[Action item]
The records below need to be printed in full. Keep each one exact.

[Data in this exercise]
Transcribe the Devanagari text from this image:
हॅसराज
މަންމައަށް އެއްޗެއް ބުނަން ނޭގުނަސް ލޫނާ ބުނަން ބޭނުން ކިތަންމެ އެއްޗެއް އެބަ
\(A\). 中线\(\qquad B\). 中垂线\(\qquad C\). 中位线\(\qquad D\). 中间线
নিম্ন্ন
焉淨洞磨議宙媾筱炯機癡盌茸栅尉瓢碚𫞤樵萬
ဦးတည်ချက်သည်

[Completed task]
Transcribe the Devanagari text from this image:
हॅसराज
މަންމައަށް އެއްޗެއް ބުނަން ނޭގުނަސް ލޫނާ ބުނަން ބޭނުން ކިތަންމެ އެއްޗެއް އެބަ
\(A\). 中线\(\qquad B\). 中垂线\(\qquad C\). 中位线\(\qquad D\). 中间线
নিম্ন্ন
焉淨洞磨議宙媾筱炯機癡盌茸栅尉瓢碚𫞤樵萬
ဦးတည်ချက်သည်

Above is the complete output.